▸ TASK STATEMENT: Give back exactly the lines of the material below that start at the line containing "Q: Is the text italic (slanted)? A: No, it" and end at the line containing "loose? A: Normal.", and no others.

═════ SUPPLIED RECORDS

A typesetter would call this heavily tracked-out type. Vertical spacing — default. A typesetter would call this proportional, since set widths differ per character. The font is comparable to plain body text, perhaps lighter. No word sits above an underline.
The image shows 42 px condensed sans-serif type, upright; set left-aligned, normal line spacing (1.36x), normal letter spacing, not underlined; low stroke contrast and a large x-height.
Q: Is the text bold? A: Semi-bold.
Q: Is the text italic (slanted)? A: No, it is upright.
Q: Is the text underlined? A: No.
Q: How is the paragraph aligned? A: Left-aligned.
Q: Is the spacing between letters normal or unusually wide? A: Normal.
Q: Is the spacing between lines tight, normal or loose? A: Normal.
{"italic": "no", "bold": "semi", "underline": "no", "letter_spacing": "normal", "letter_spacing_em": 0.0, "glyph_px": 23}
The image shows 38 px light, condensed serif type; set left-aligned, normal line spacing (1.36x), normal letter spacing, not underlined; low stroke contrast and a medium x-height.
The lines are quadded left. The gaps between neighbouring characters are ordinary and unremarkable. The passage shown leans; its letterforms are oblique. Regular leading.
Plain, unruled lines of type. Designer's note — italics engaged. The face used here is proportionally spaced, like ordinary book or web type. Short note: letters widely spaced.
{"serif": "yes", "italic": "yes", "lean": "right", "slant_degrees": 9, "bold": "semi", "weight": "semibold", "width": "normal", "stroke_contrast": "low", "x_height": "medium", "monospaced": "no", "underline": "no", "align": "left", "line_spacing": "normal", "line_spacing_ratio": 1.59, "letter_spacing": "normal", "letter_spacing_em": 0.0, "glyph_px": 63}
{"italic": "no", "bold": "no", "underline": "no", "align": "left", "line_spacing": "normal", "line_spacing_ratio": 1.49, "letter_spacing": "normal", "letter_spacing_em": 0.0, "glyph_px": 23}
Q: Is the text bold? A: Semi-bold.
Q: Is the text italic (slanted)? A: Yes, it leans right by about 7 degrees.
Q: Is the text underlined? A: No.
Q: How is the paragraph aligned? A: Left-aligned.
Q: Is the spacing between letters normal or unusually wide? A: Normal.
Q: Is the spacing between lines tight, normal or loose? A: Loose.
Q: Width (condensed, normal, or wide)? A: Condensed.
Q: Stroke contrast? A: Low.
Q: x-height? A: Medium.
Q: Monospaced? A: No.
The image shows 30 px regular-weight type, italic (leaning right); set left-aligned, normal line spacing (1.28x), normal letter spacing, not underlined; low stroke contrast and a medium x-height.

══════════
═════ SUPPLIED RECORDS

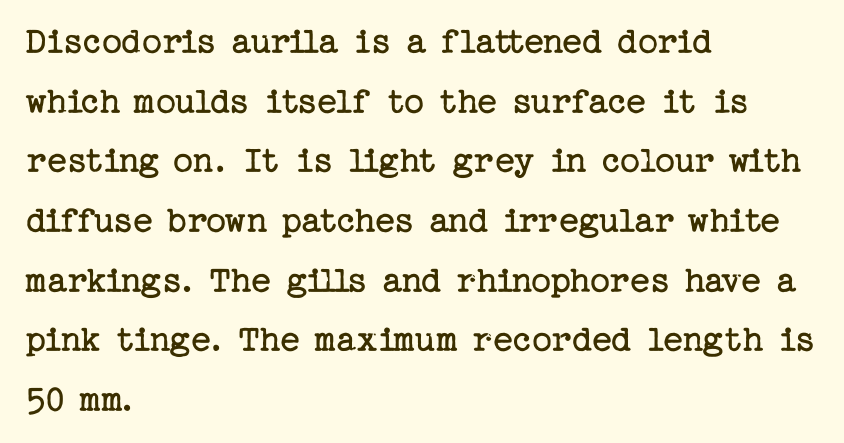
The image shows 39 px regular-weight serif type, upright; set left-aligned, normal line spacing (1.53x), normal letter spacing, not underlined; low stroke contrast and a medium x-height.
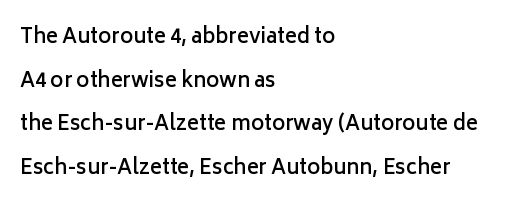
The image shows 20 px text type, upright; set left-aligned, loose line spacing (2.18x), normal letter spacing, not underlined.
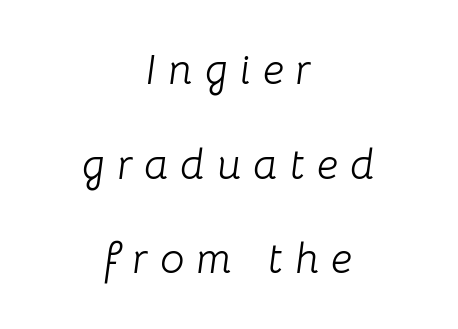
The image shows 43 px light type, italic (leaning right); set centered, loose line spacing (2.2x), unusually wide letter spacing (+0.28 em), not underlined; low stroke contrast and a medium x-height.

══════════

▸ ANSWER TO THE PROBLEM:
Q: Is the text italic (slanted)? A: No, it is upright.
Q: Is the text underlined? A: No.
Q: How is the paragraph aligned? A: Left-aligned.
Q: Is the spacing between letters normal or unusually wide? A: Normal.
Q: Is the spacing between lines tight, normal or loose? A: Normal.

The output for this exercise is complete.